(Beginning of GIVEN MATERIAL)

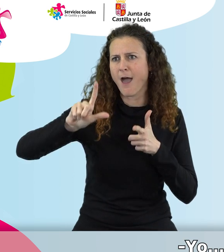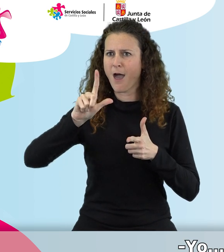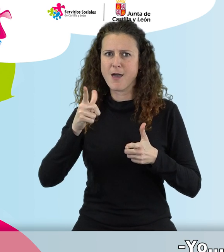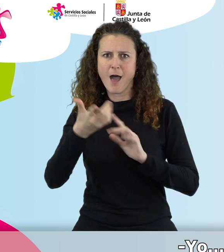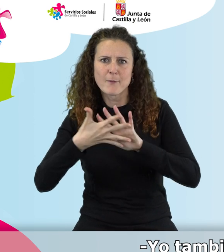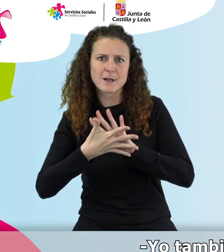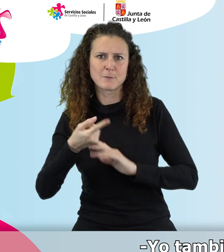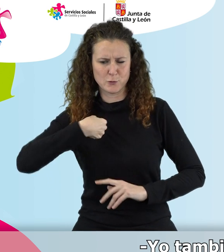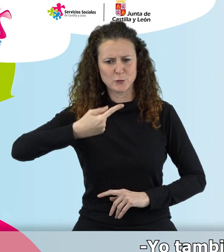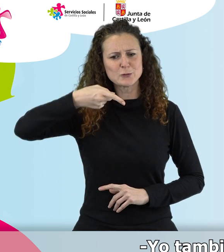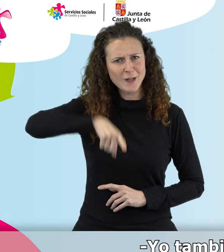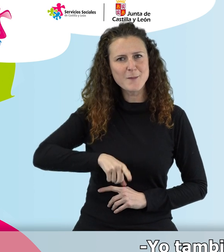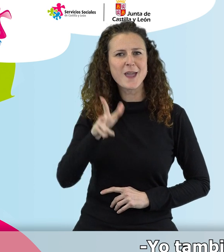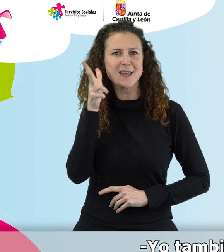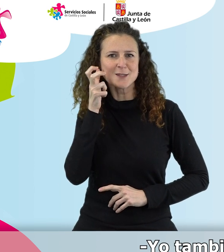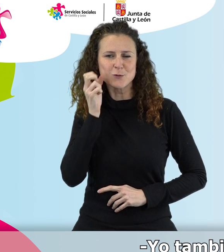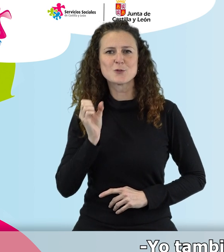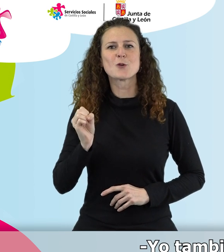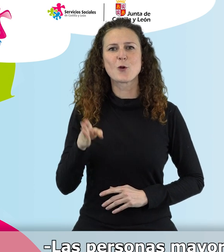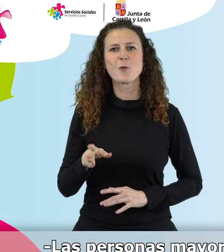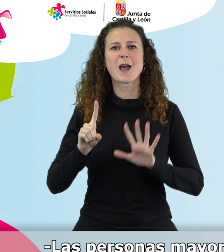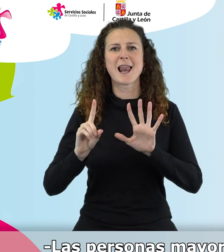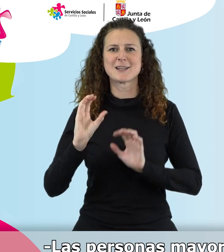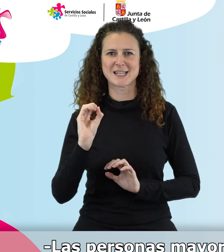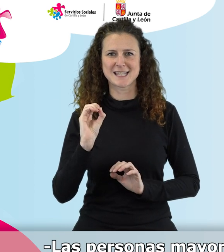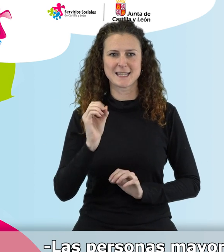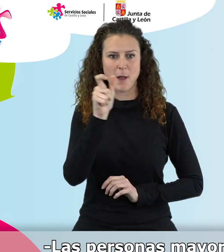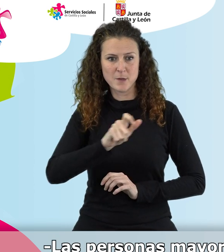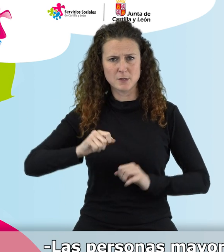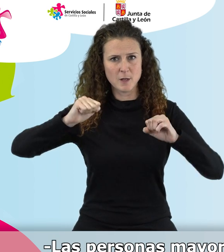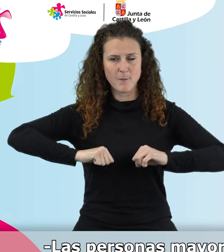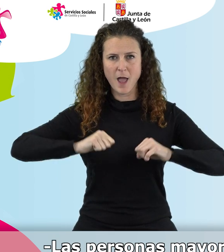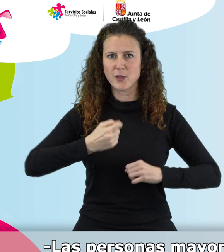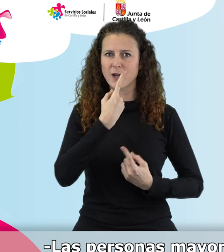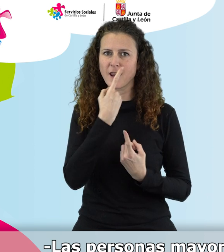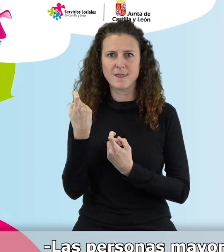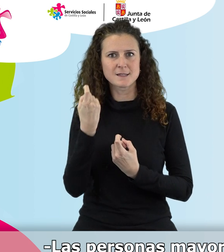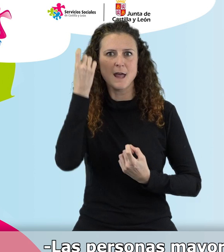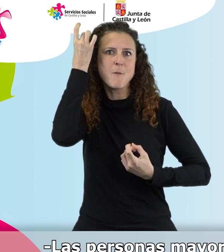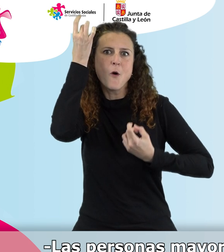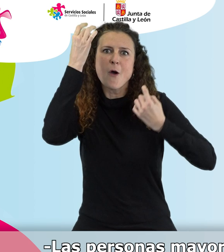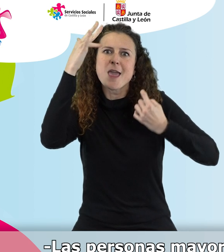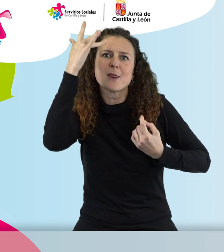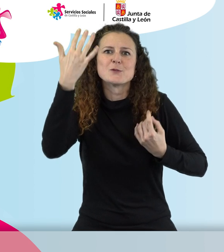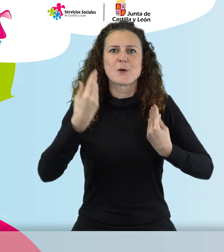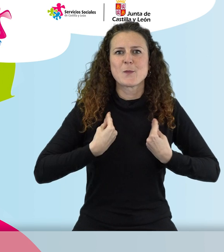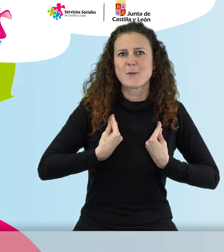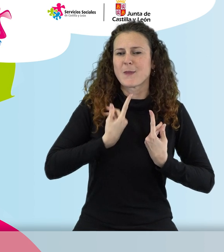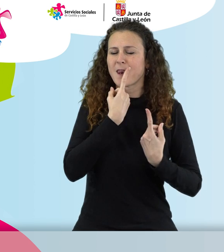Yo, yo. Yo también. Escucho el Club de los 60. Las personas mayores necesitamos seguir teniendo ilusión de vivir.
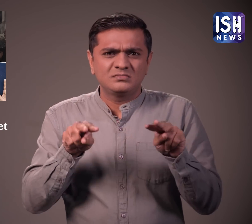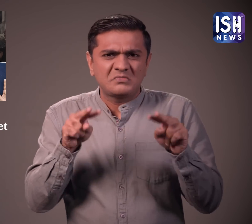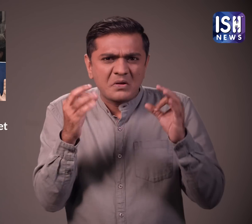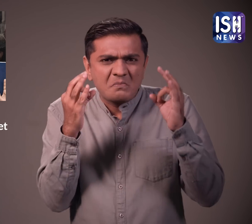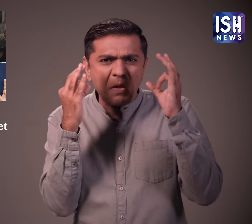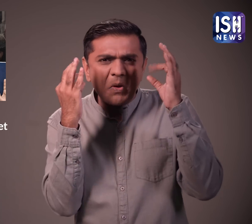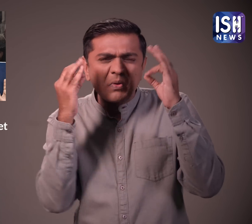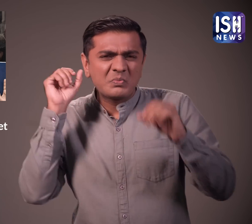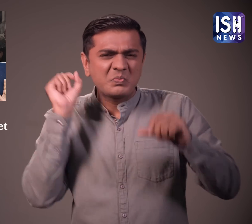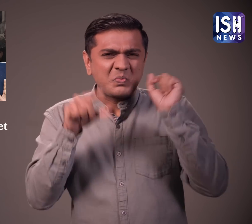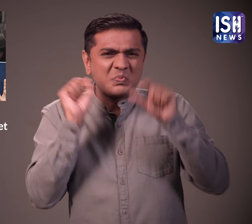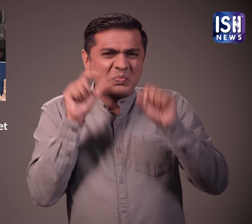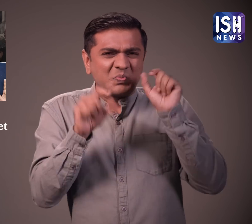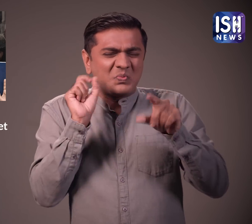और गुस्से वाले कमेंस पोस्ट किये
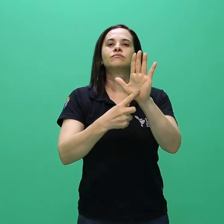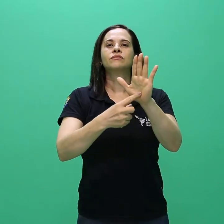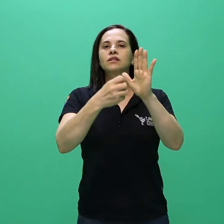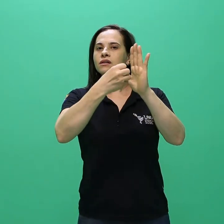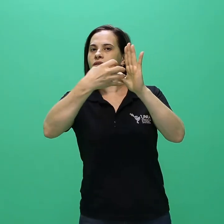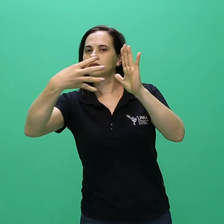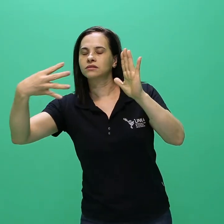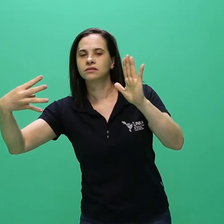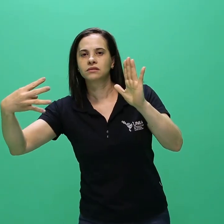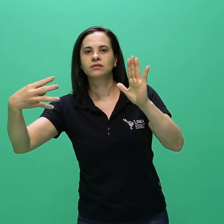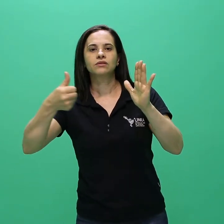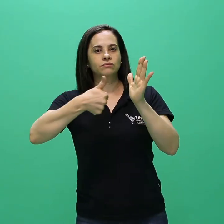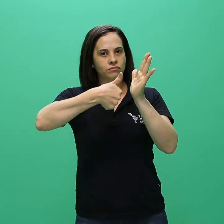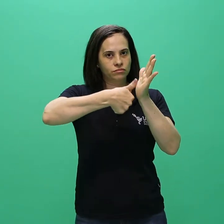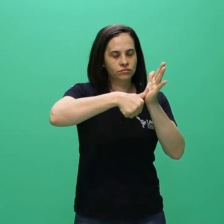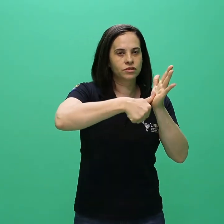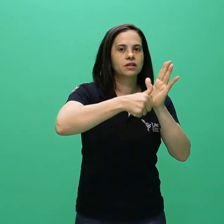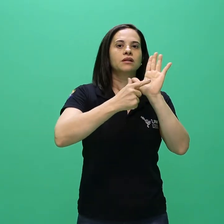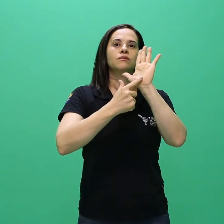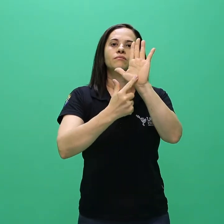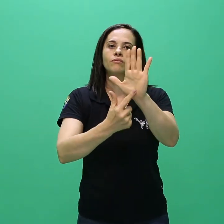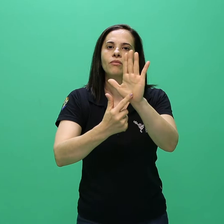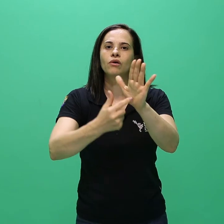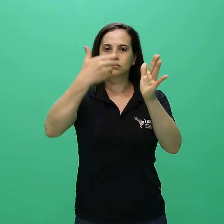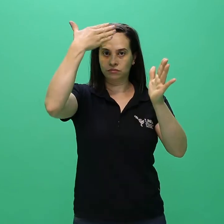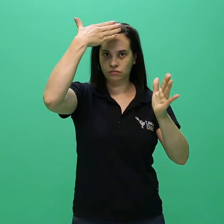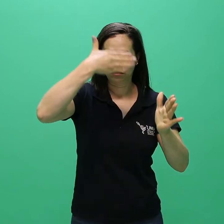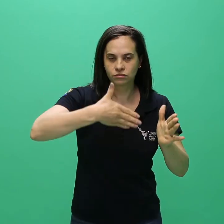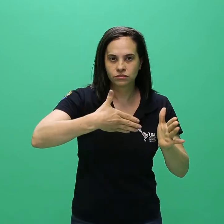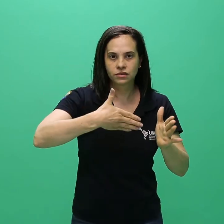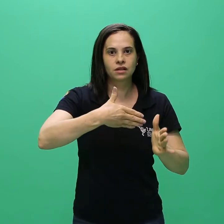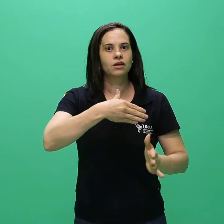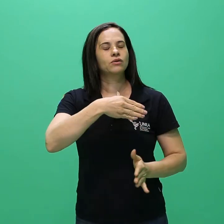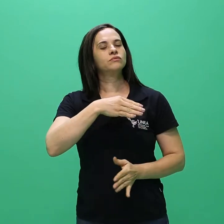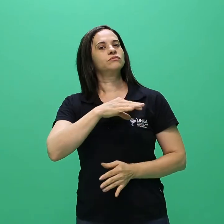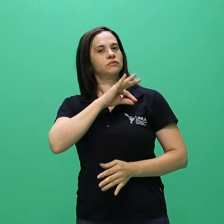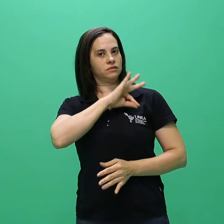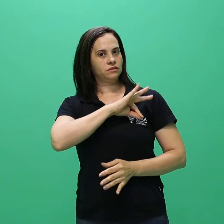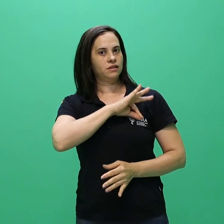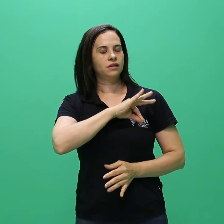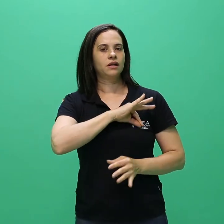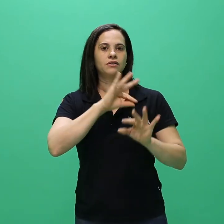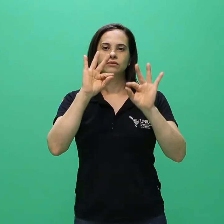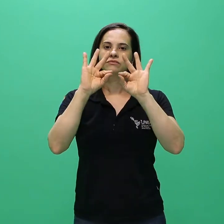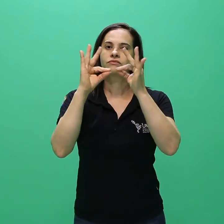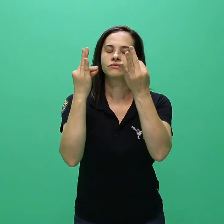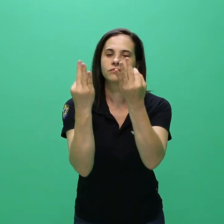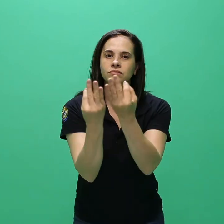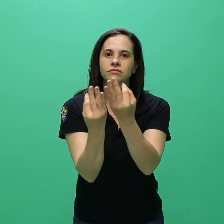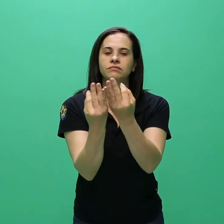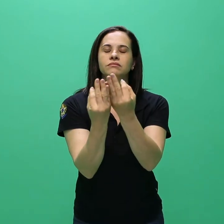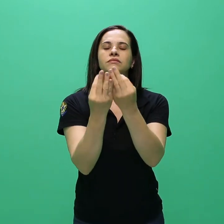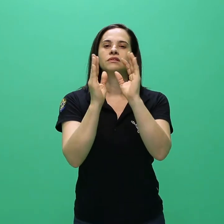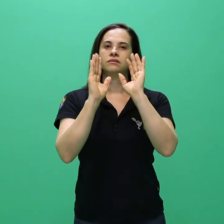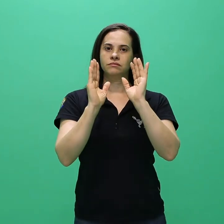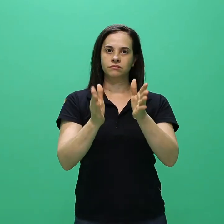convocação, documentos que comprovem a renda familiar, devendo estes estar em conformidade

(End of GIVEN MATERIAL)

> EXERCISE: The material above should be printed again exactly, with each picture left out.

> RESPONSE TO THIS EXERCISE:
Yo, yo. Yo también. Escucho el Club de los 60. Las personas mayores necesitamos seguir teniendo ilusión de vivir.
और गुस्से वाले कमेंस पोस्ट किये
convocação, documentos que comprovem a renda familiar, devendo estes estar em conformidade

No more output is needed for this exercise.